The humble telescopic scope itself has also advanced tremendously. Today’s sniper optics bear little resemblance to their Second World War predecessors. Scopes now feature bullet drop compensators that make allowances for the drop of the bullet at various ranges, the Horus reticle allows much faster shot corrections, and many optics now feature co-located mini red dot sights to allow the sniper to use his rifle at close quarters should he be forced to clear a building or is suddenly ambushed. The scopes are also typically armoured in construction to defeat the effects of blast or blow.
Developments in ammunition design have seen new bullet types emerge that are so-called barrier blind meaning they can defeat intervening objects in the path of the sniper’s round and continue on to strike the target. Other rounds like the Raufoss Mk211 have been designed to penetrate light armoured vehicles using a tungsten penetrator before an explosive incendiary detonates inside. Not surprisingly these are devastating on human targets. Other specialist rounds like solid copper alloy bullets have even been developed to defeat even reinforced glass with minimal deflection.
The other great technological revolution has been in the field of ballistic computer programmes and apps. Many of these were initially Blackberry based but are now available for the ubiquitous iPhone and iPad.

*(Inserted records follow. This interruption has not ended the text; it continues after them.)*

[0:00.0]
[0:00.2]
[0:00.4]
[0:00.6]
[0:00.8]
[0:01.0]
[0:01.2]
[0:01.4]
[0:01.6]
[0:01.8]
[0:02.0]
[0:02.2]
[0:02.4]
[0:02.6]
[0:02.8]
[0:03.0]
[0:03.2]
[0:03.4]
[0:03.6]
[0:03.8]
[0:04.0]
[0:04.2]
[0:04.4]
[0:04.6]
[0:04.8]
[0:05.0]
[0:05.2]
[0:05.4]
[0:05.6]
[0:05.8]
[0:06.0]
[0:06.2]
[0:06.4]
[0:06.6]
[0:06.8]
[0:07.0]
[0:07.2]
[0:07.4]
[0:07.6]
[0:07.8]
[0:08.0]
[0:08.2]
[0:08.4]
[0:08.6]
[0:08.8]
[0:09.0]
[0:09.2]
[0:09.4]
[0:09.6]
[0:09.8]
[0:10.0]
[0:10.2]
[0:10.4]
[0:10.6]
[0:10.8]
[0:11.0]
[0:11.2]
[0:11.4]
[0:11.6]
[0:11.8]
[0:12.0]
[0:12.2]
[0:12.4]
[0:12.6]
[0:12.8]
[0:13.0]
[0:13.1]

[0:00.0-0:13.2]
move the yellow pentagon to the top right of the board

The best of these will calculate a firing solution taking into account spin drift, wind (snipers routinely carry the likes of the Kestrel wind meter to measure the effects of wind at his final firing point), barometric pressure and temperature, and even Coriolis drift- the gravitational effect of the rotation of the Earth on the sniper’s bullet.

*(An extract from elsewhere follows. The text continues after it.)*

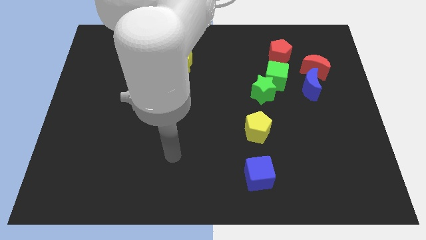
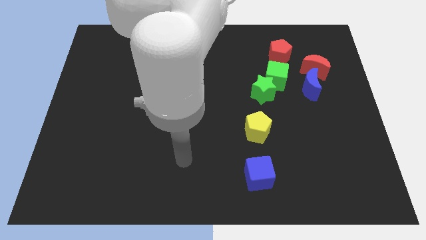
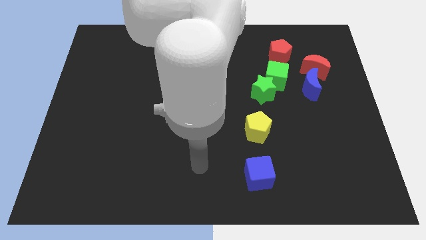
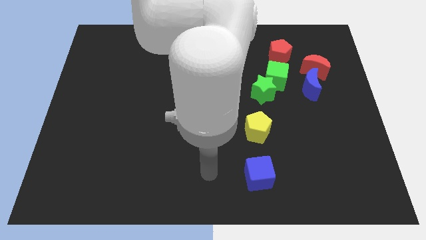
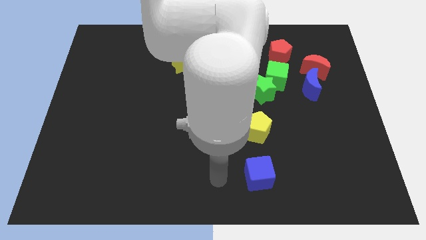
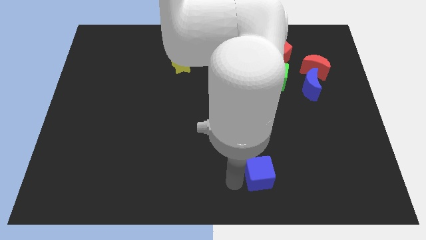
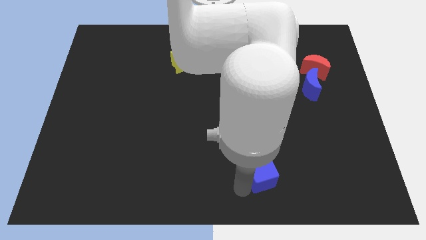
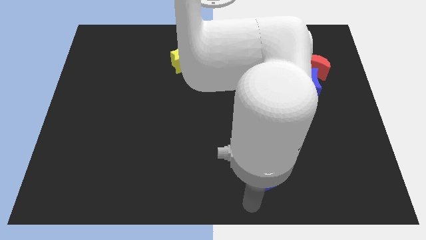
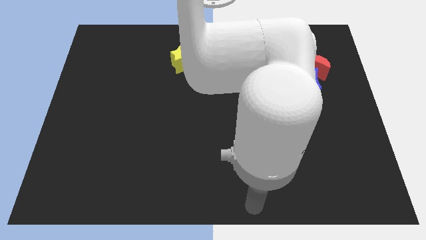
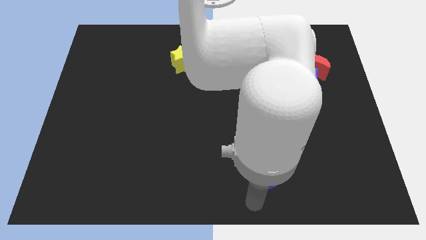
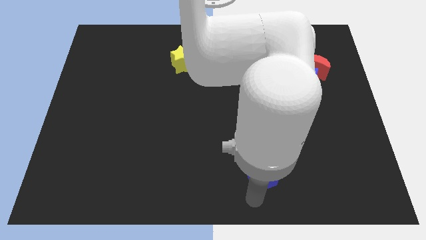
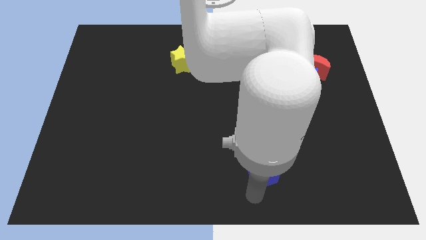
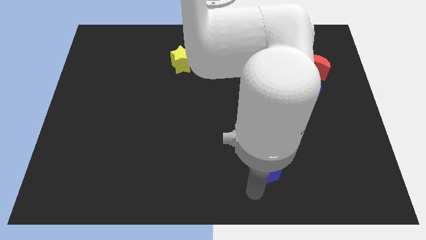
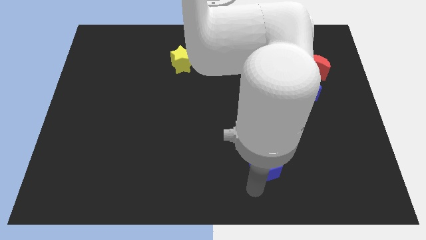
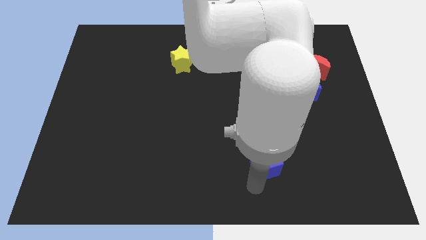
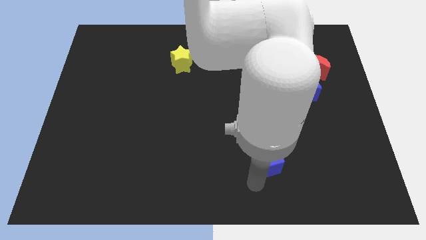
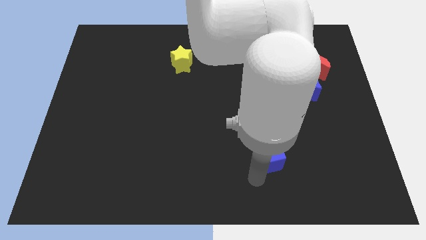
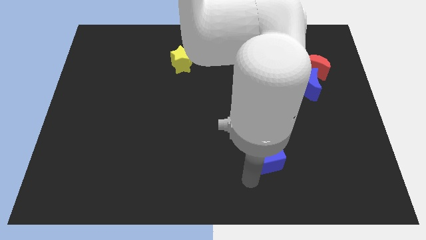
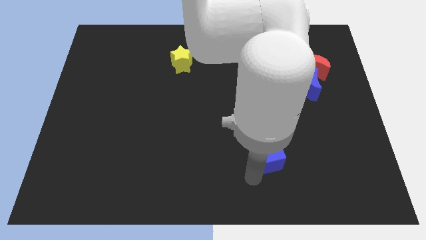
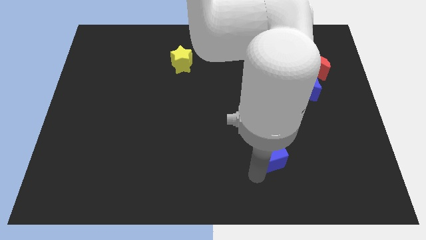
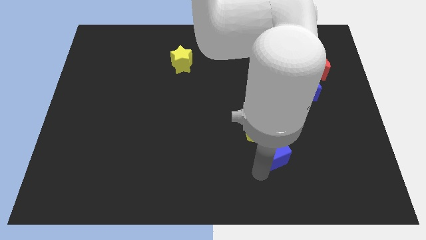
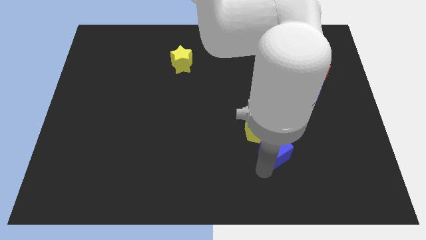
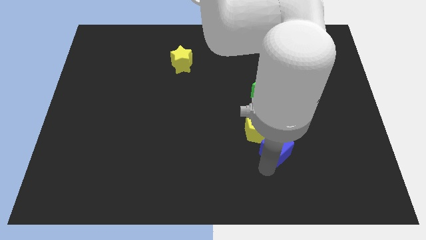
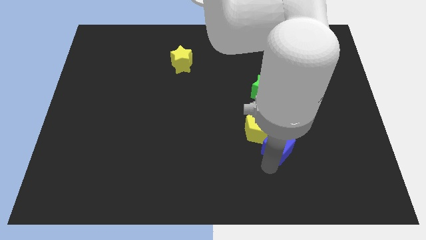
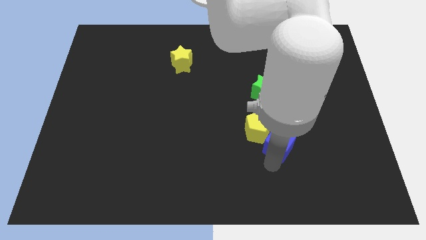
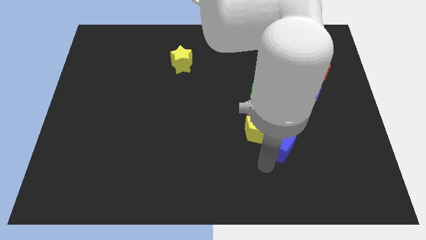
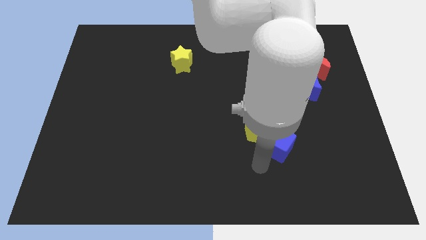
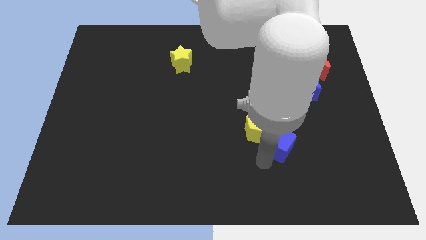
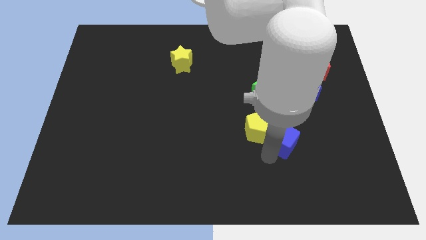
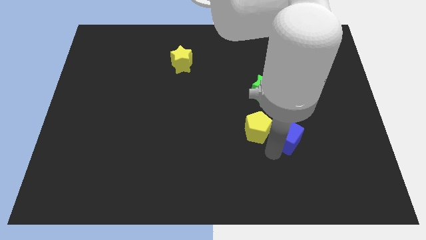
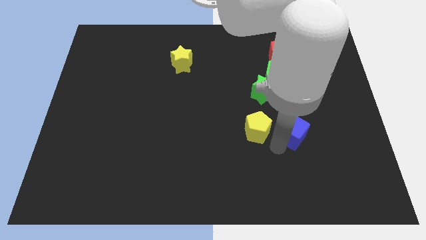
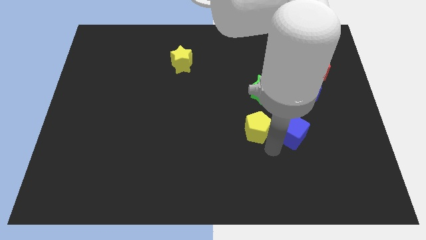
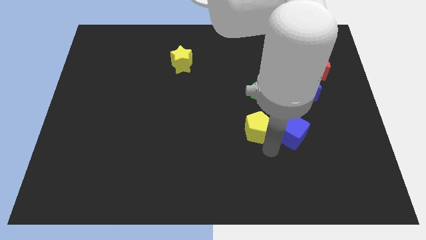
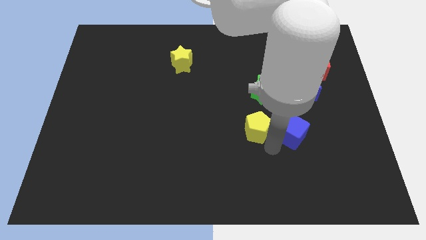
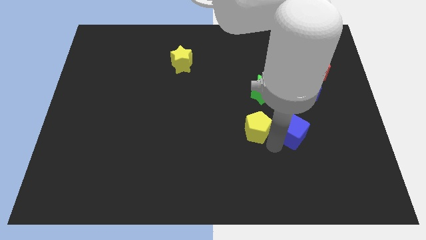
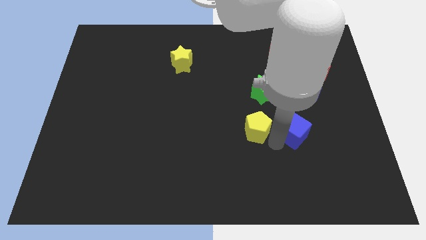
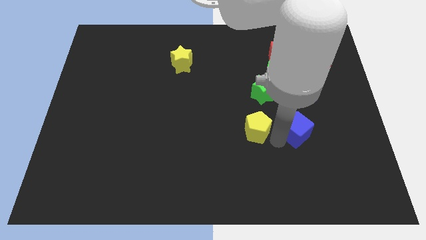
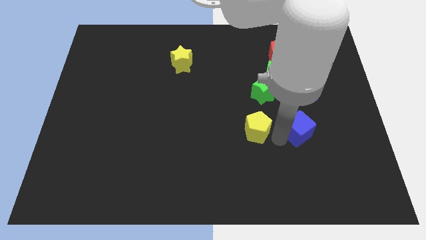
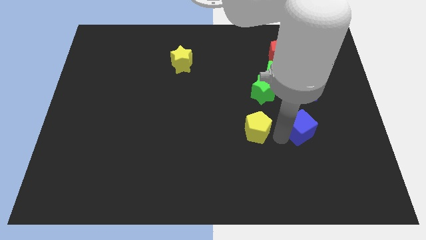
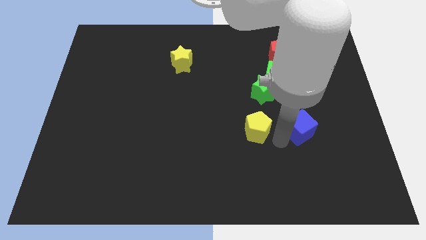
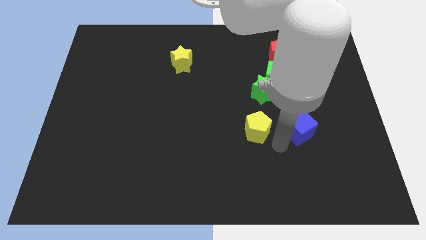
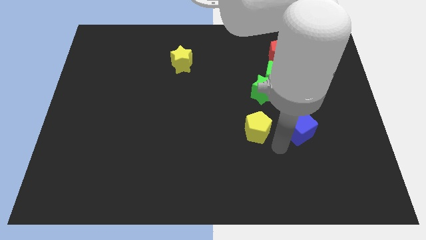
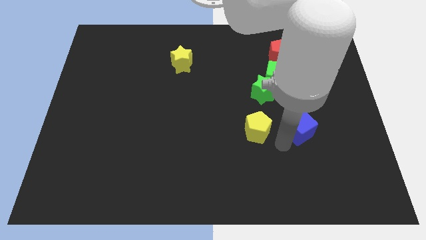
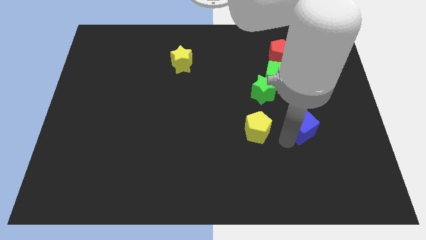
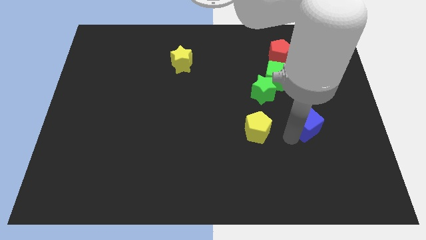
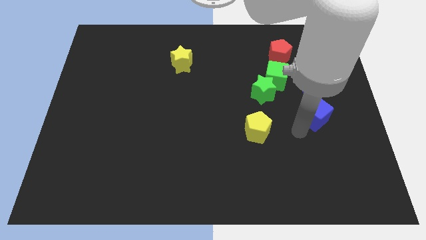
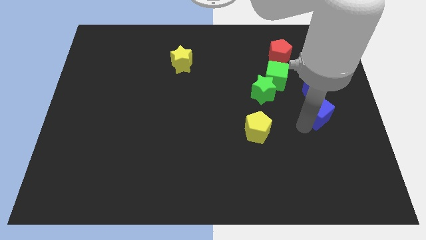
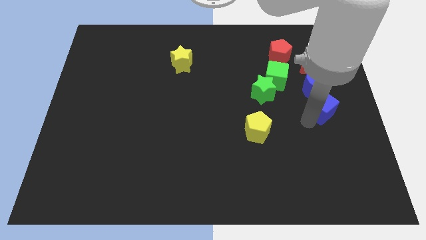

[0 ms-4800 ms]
put the blue cube to the bottom right side of the blue moon

Although widely employed, snipers are careful to know the limitations of such devices. Former Sniper Master for the Australian Army, Company Sergeant Major Nathan Vinson, confirmed this to the author; “This only calculates factors from the shooter’s end, not at the target end. It increases your chances of getting a first round hit but doesn’t guarantee it.” Even with the latest ballistic app, the sniper still needs to be able to read crosswinds that will affect the path of his round and factor in the movement of the target itself.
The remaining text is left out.